Chairs: If there are non s2s proposals, please take concepts to list.
Q2: Do we need to support discovery?
Matthew: I (unfortunately) think it's going to be important to provide
discovery.
EKR: I really want to do that work, but I think it's hard and maybe for
round 2.
JDR: If we only support SSIs, the outcome is going to be probably
unusable.
Joris Baum: is feature discovery in scope? Ekr: For this work but not
this layer.
Jon Peterson: I think the discovery problem is interesting: Just knowing
an SSI still might not get you everything you need. These might be
decoupleable, but we're going to need discovery to make this workable.
Chair: Sense that we landed on "Solve for SSI and plan on doing
discovery eventually."
Q3: Is consent required? What modes do we support?
Raphael: MLS can do immediate. But we need consent mechanism. Not clear
whether we want it to be a policy thing or an actual delivery thing.
Cullen: Current systems sometimes tie this to something "a little
expensive". I think to have a viable solution we're going to have to dig
into the requirements.
JDR: I was originally on consent only, but Alissa changed my mind: If
it's unacceptable to the gatekeepers, we're done. We therefore should
allow the protocol to allow variablity.
Rohan: If we implement the full consent model, can we change later? EKR:
I think we can.
Travis: The quarantine mode is probably the one we want to shoot for.

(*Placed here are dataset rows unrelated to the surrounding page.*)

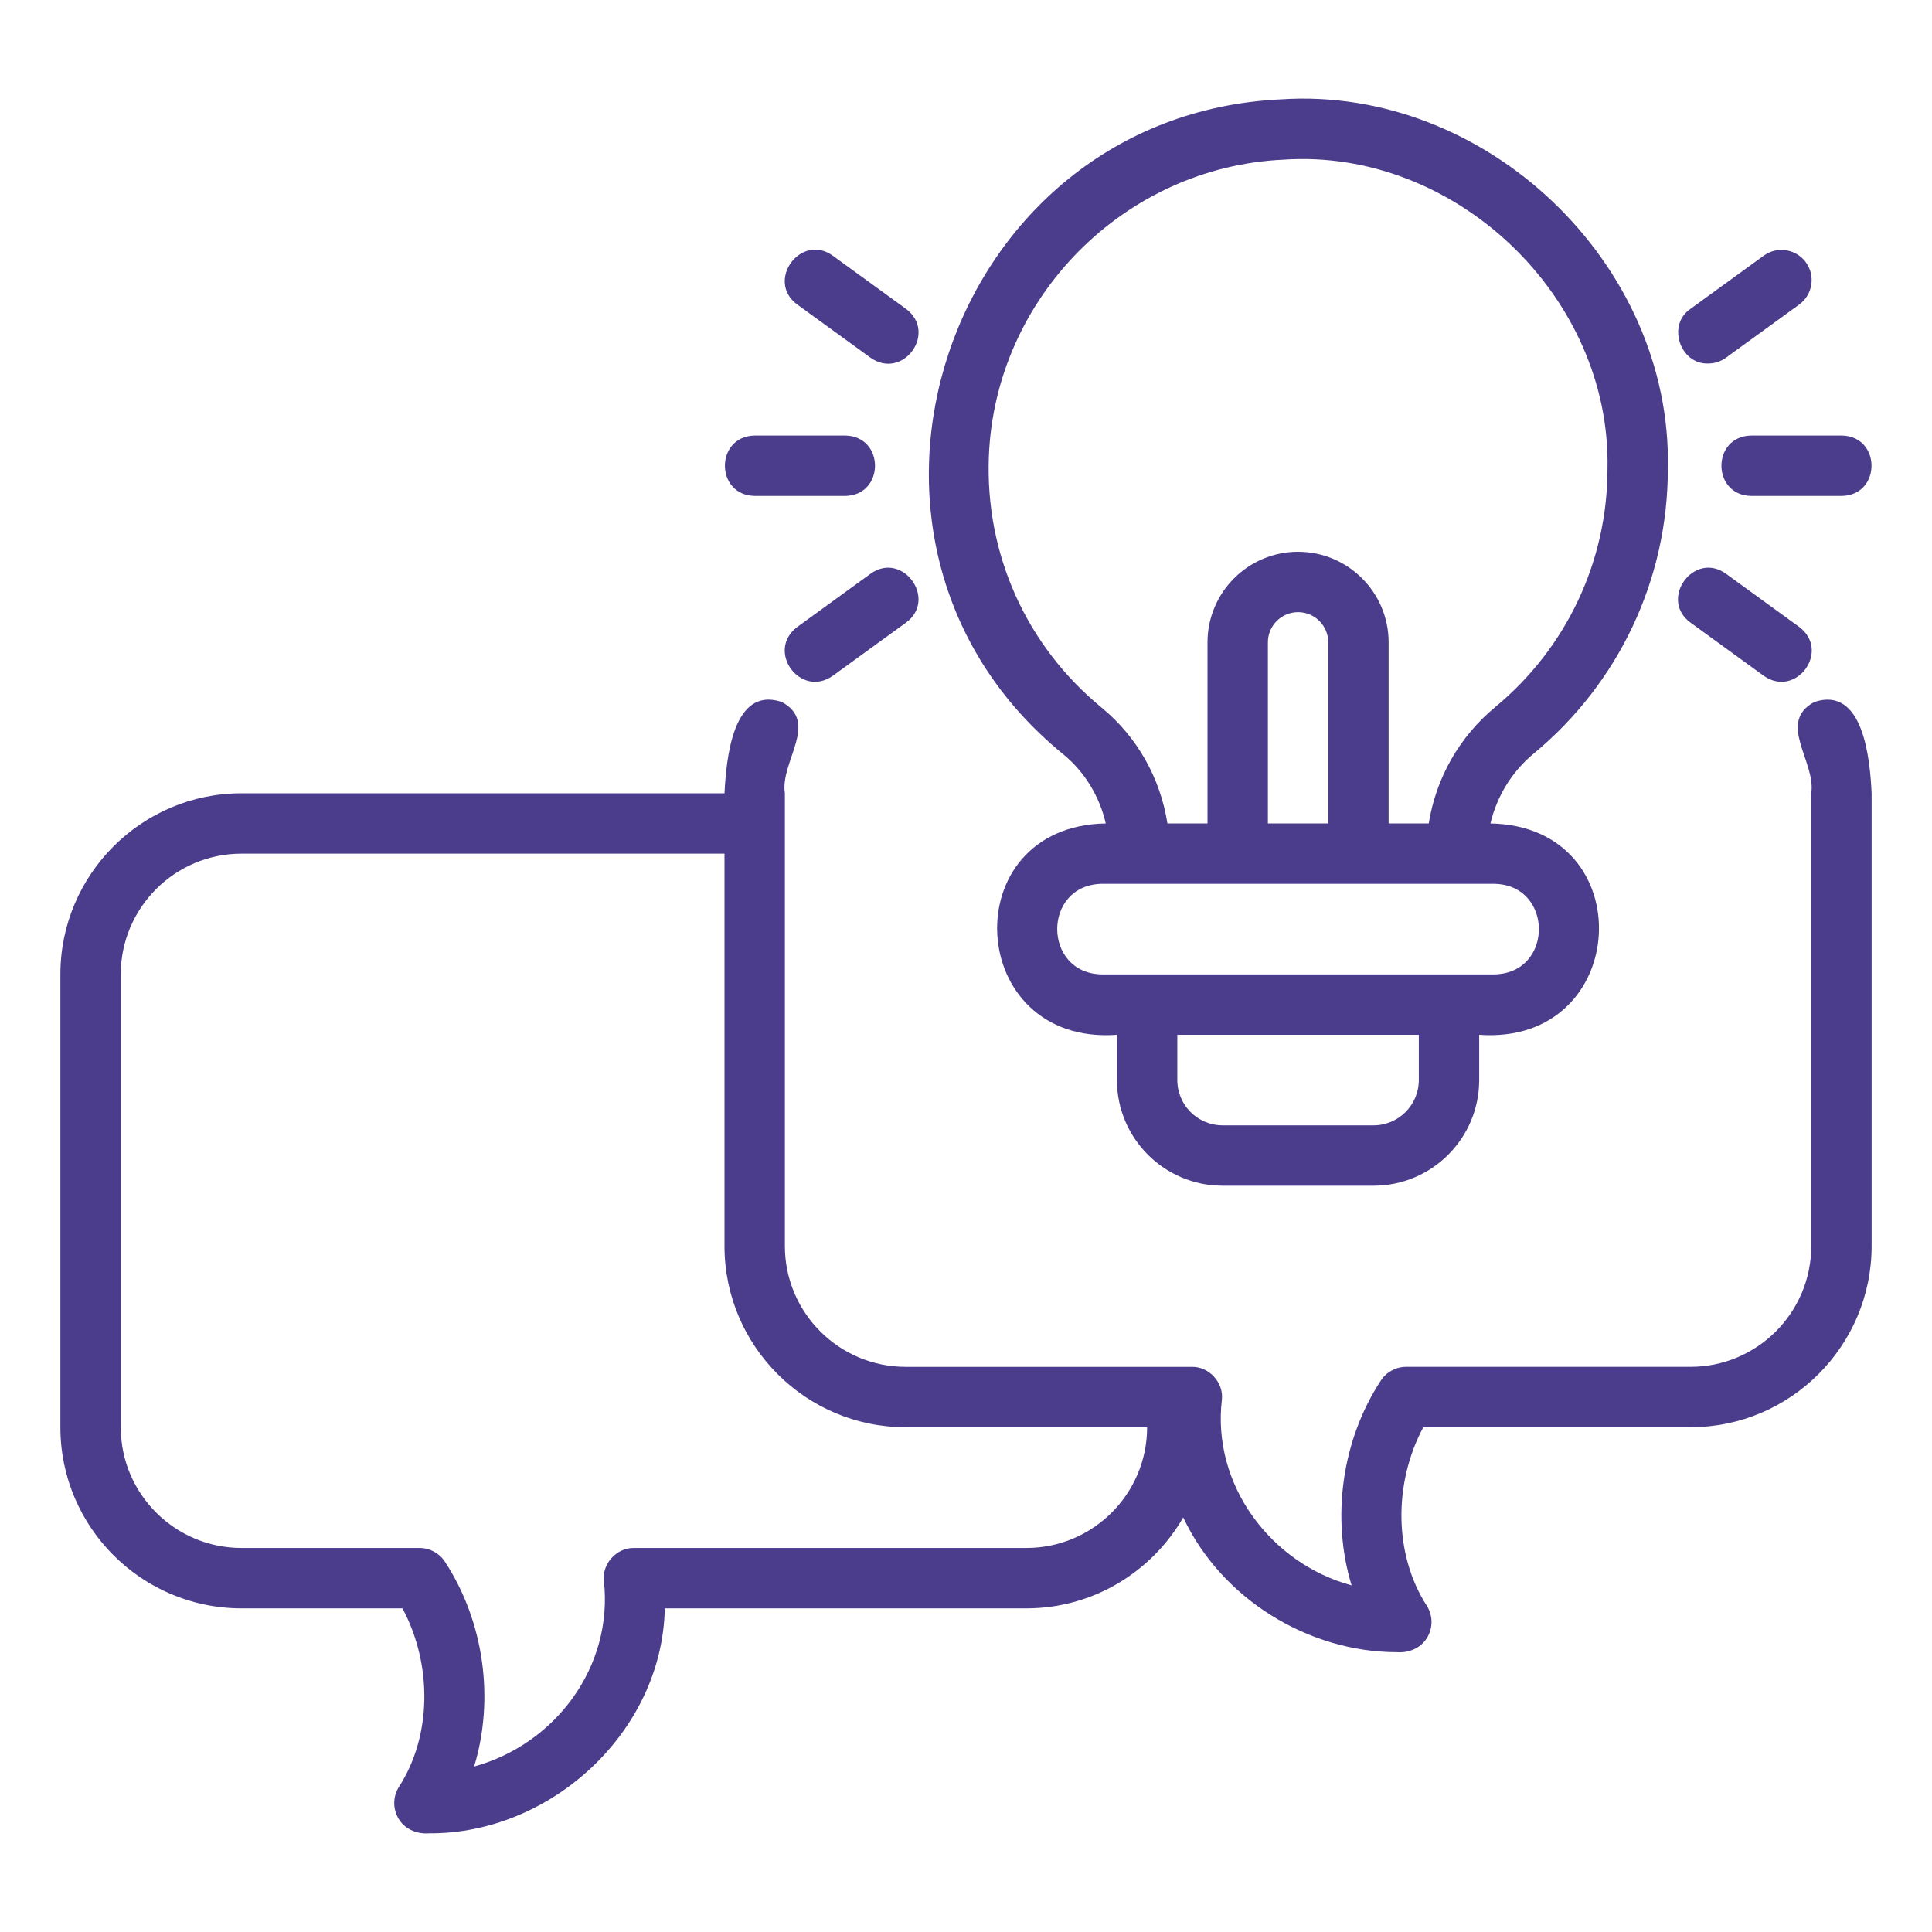 <?xml version="1.0" encoding="UTF-8"?>
<svg width="1200pt" height="1200pt" version="1.1" viewBox="0 0 1200 1200" xmlns="http://www.w3.org/2000/svg">
 <g fill="#4b3c8c">
  <path d="m1061 225.78c3.809 0 7.672-1.164 11.004-3.578l45.52-33.059c8.367-6.09 10.234-17.809 4.156-26.184-6.078-8.359-17.781-10.246-26.203-4.156l-45.52 33.059c-14.754 9.945-6.398 34.594 11.043 33.922z"/>
  <path d="m1087.7 308.03h56.25c24.633-0.41 24.656-37.09 0-37.5h-56.25c-24.633 0.41-24.656 37.086 0 37.5z"/>
  <path d="m1095.5 419.76c20.113 14.129 41.773-15.465 22.043-30.344l-45.52-33.059c-19.918-14.332-41.812 15.836-22.043 30.34l45.52 33.059z"/>
  <path d="m540.71 222.2c20.113 14.129 41.773-15.465 22.043-30.344l-45.52-33.059c-19.922-14.316-41.812 15.832-22.043 30.34l45.52 33.059z"/>
  <path d="m468.75 308.03h56.25c24.633-0.41 24.656-37.09 0-37.5h-56.25c-24.633 0.41-24.656 37.086 0 37.5z"/>
  <path d="m540.71 356.36-45.52 33.059c-19.711 14.859 1.914 44.48 22.047 30.34l45.52-33.059c19.746-14.488-2.106-44.668-22.047-30.34z"/>
  <path d="m660.44 468.51c13.367 11 22.453 26.105 26.375 42.957-94.52 1.547-87.48 138.12 6.93 131.25v28.125c0 36.184 29.441 65.625 65.625 65.625h93.75c36.184 0 65.625-29.441 65.625-65.625v-28.125c94.43 6.848 101.41-129.66 6.984-131.25 4.008-16.875 13.281-32.152 26.926-43.449 52.918-43.809 83.277-108.27 83.277-176.86 2.766-127.64-113.05-238.05-240.55-229.44-207.8 9.93-296.95 274.98-134.95 406.79zm220.81 202.33c0 15.508-12.617 28.125-28.125 28.125h-93.75c-15.508 0-28.125-12.617-28.125-28.125v-28.125h150zm46.875-121.88c36.887 0.637 37.016 55.59 0 56.25h-243.75c-36.887-0.637-37.016-55.59 0-56.25zm-140.62-37.5v-112.5c0-10.336 8.406-18.75 18.75-18.75s18.75 8.414 18.75 18.75v112.5zm9.613-412.29c106.78-7.297 203.6 85.172 201.32 191.98 0 57.375-25.395 111.31-69.688 147.98-22.34 18.484-36.84 44.164-41.328 72.336h-24.922v-112.5c0-31.02-25.23-56.25-56.25-56.25s-56.25 25.23-56.25 56.25v112.5h-24.883c-4.43-28.227-18.785-53.77-40.871-71.926-46.91-38.57-72.453-95.516-70.039-156.23 3.938-98.703 84.285-179.58 182.9-184.13z"/>
  <path d="m1127 435.98c-23.707 12.621 1.09 37.301-2 56.738v281.25c0 41.363-33.637 75-75 75h-176.62c-6.316 0-12.215 3.188-15.676 8.461-24.629 37.555-30.816 85.914-18.199 127.28-50.238-13.613-86.801-62.477-80.582-115.21 1.266-10.68-7.918-20.754-18.66-20.523h-177.76c-41.363 0-75-33.637-75-75v-281.25c-3.121-19.496 21.73-44.102-1.996-56.738-30.547-10.168-34.41 35.895-35.504 56.738l-300-0.004c-62.035 0-112.5 50.465-112.5 112.5v281.25c0 62.035 50.465 112.5 112.5 112.5h99.977c18.715 35.027 18.184 79.285-2.125 110.78-3.66 5.715-3.973 12.945-0.805 18.953 3.68 7.141 11.508 10.59 19.316 9.996 75.566 0.582 145.05-62.918 146.54-139.73h224.6c41.629 0 77.961-22.781 97.418-56.477 23.59 50.316 77.488 83.676 132.71 83.703 7.805 0.586 15.645-2.852 19.316-9.996 3.168-5.988 2.875-13.238-0.805-18.934-20.289-31.512-20.82-75.77-2.106-110.8h165.96c62.035 0 112.5-50.465 112.5-112.5v-281.25c-0.996-21.027-5.031-66.77-35.504-56.738zm-489.5 525.49h-243.75c-10.684-0.227-19.848 9.754-18.676 20.379 5.984 53.258-30.129 101.54-80.586 115.36 12.633-41.363 6.445-89.723-18.184-127.28-3.461-5.273-9.355-8.461-15.676-8.461h-110.63c-41.363 0-75-33.637-75-75v-281.25c0-41.355 33.637-75 75-75l300 0.004v243.75c0 62.035 50.465 112.5 112.5 112.5h150c0 41.363-33.637 75-75 75z"/>
 </g>
</svg>

EKR: Any mechanism that allows immediate messages possibly leaks info,
so that might tie in privacy.
DKG: This is going to need to be negotiated; just one model won't work.
Also, consent could be revoked.
Jon: This is probably going to need a design document to sort this.
Harald: The question is at the wrong level. The receiver needs to
evaluate the local rules, and might need to ask the network for help to
block. Policy is not part of transport protocol.
Pete Resnick: Depending on scale of some providers, they might want to
help before the receiver asks for help, and block before consent occurs.
Need to put something in at provider level to require certain consent.
Chairs: Out of time, more issues. External deadlines Need to start
discussion threads on list. Kickstart series of virtual interims on
regular cadence, starting in a couple of weeks. Doodle on list for
timeslot.
Ekr: Not a big fan of bi-weekly. Maybe interims less often?
Chairs: Need process for agreeing on semi-stable draft versions as
interop targets. Maybe regular deadlines for PRs. Asks for input.
Discussion of whether we use github issues for discussion. Easier to
have discussions on list in pre-doc phase.